»Das ist hübsch«, sagte der Askari.
»Ja«, erwiderte ich.
Er griff danach, und ich stieß seine Hände zurück.
»Ich will’s haben«, sagte er.
»Es ist ein Geschenk Bila Hurumas«, sagte ich.
Er wich vor mir zurück. Ich nahm nicht an, daß er mich weiter belästigen würde.
»Hübsch!« stellte Ayari fest.
»Wenigstens wird es im Regen nicht rosten«, sagte ich lächelnd. Ich betrachtete die dicken goldenen Glieder der Kette, die ich über dem Halsband der Arbeitsfessel trug.
»Das ist ja nun wirklich hübsch«, wiederholte Ayari.
Wir standen dicht neben dem Schlammfloß, auf dem wir die Schaufelladungen des Aushubs verstauten. An dieser Stelle des großen Sumpfgebiets reichte uns das Wasser nur bis an die Knie. Stellenweise ragten relativ trockene Erhebungen aus den feuchten Zonen. An anderen Orten reichte uns das Wasser bis an die Brust.
Ich schaute in die Richtung, in die Ayari mit einer Kopfbewegung gedeutet hatte.
Verblüfft umklammerte ich meine Schaufel.

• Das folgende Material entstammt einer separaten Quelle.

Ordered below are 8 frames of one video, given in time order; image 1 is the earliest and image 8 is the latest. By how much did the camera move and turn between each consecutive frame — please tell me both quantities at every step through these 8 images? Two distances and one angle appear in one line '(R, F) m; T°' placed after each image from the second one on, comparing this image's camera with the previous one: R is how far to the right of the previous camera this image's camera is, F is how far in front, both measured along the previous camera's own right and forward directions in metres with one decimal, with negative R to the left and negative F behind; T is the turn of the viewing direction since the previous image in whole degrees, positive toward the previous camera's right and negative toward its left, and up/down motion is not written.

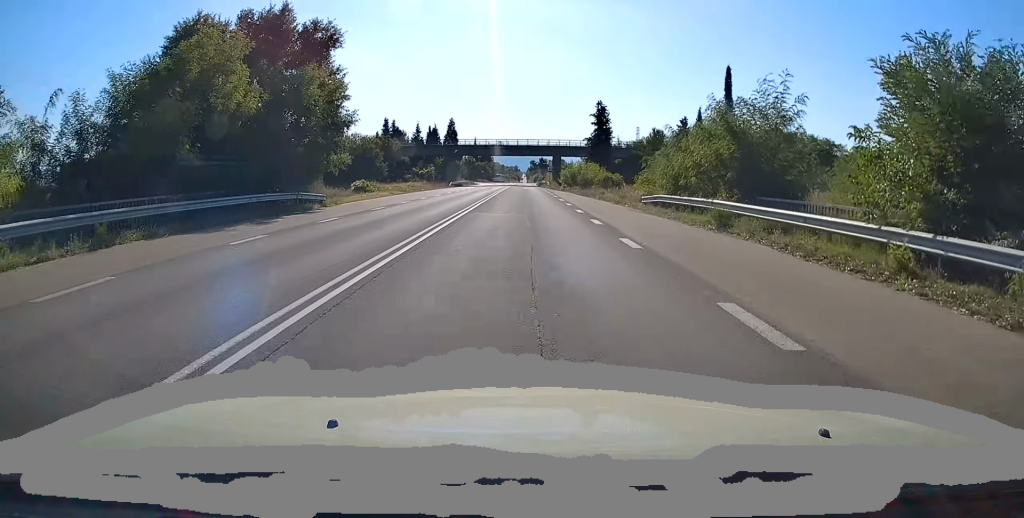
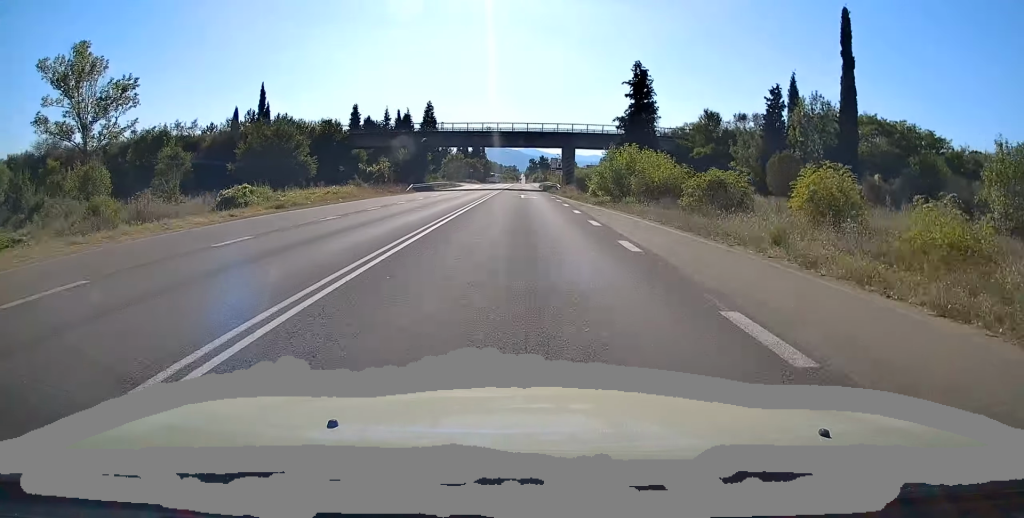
(+0.1, +30.5) m; 0°
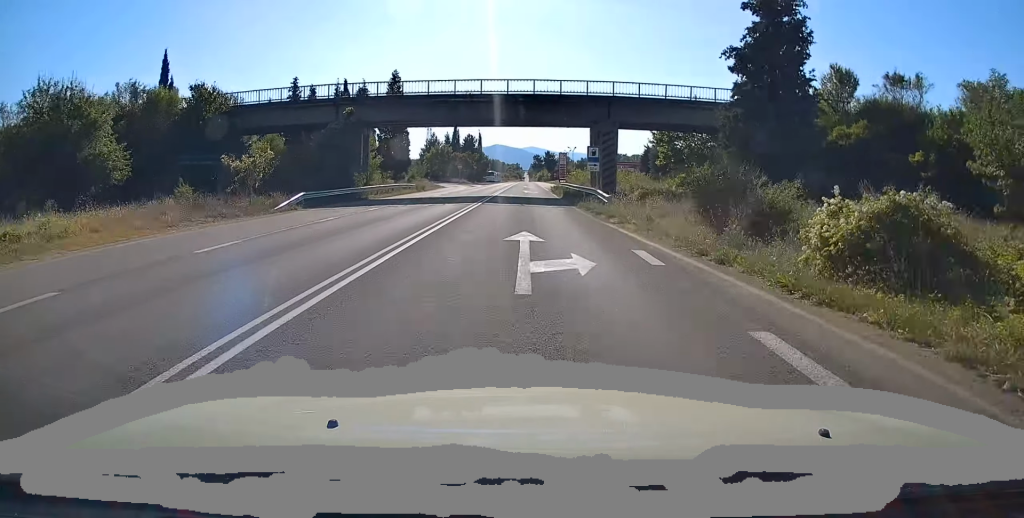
(-0.3, +30.7) m; 0°
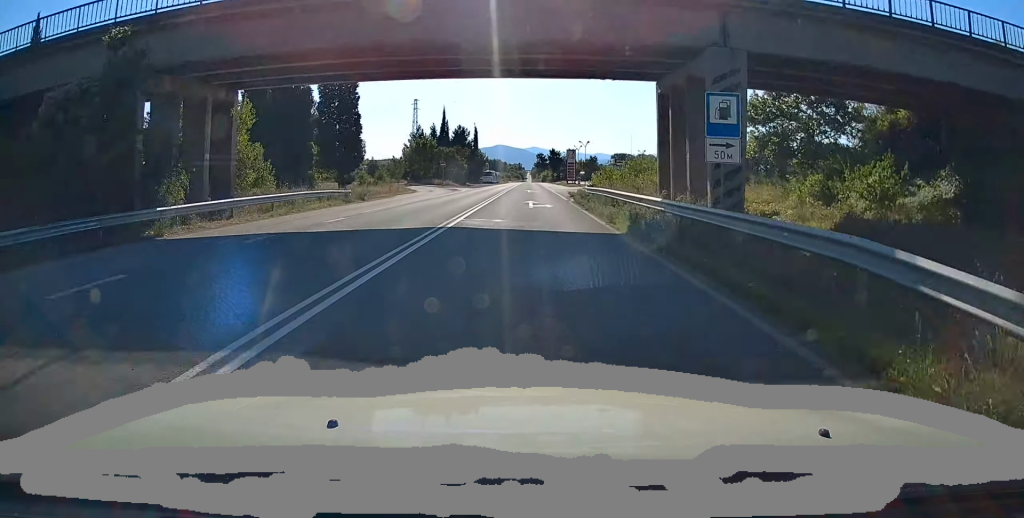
(+0.3, +23.6) m; 0°
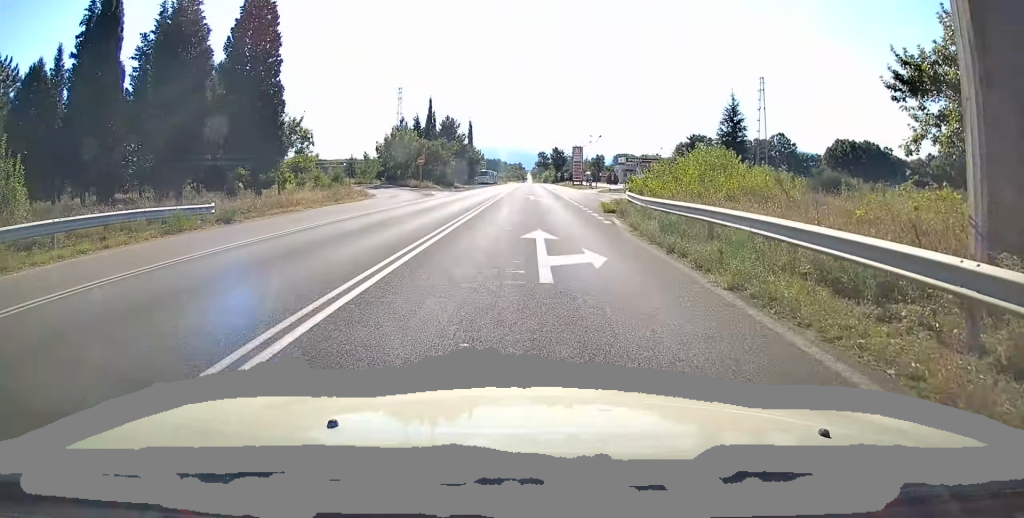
(-0.3, +17.6) m; 0°
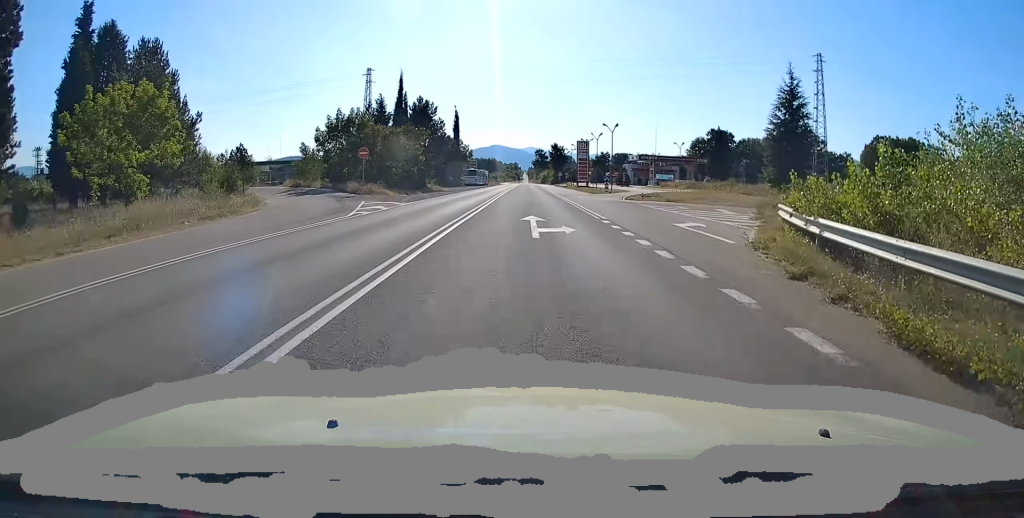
(+0.5, +21.5) m; 0°
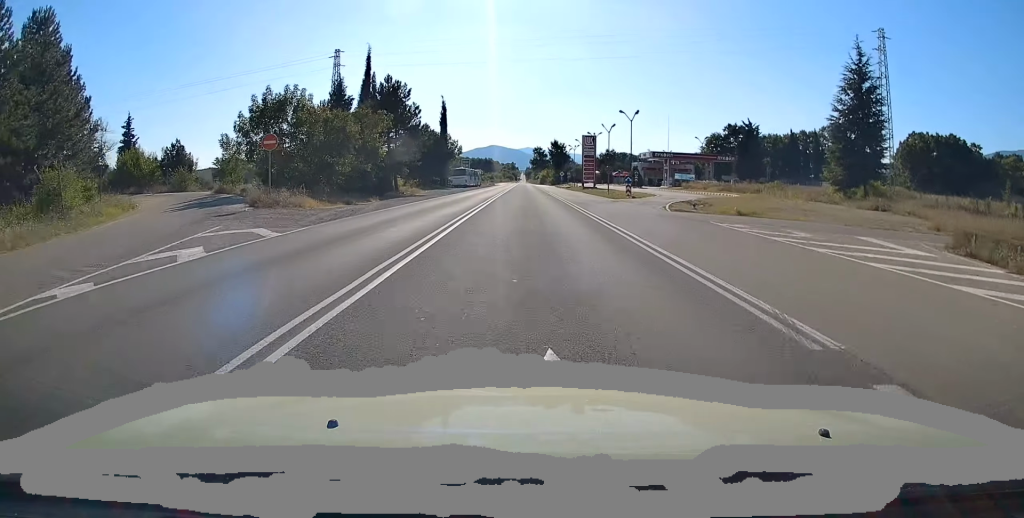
(-0.3, +15.6) m; 0°
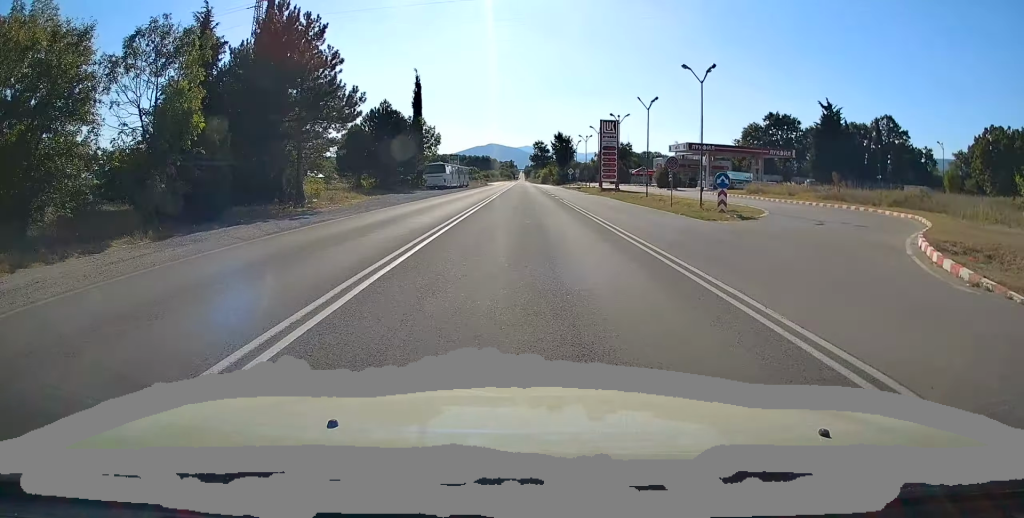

»Ich habe gestern von einem Askari erfahren«, erklärte er, »daß sie heute hier vorbeikommen würden. Es handelt sich um Geschenke Bila Hurumas an Tende, die Tochter des hohen Häuptlings Aibu, Führer der Ukungu-Dörfer, zwei persönliche Sklavinnen. Er hat die Absicht, Tende zu seiner Gefährtin zu erheben.«
»Diese Gefährtenschaft«, sagte einer der Männer, »wird die Verbindung der Ukungu-Dörfer zum Ubarat festigen.«
»Ich hätte nichts dagegen, solche hübschen Geschenke zu erhalten«, meinte ein anderer.
»Schade, daß Tende eine Frau ist!« meinte jemand.
Die beiden Sklavinnen befanden sich auf einem Floß, das von fünf angeketteten Sklaven durch den Sumpf gezogen wurde. Vier Askaris wateten neben dem Floß her. Die Mädchen standen; sie waren an einer Stange angekettet, die über ihren Köpfen verlief und an den Enden des Floßes von überkreuz verlaufenden Streben gehalten wurde. Beide waren barfuß.
»Ho!« rief ich und ging auf das Floß zu, soweit es die Kette um meinen Hals zuließ.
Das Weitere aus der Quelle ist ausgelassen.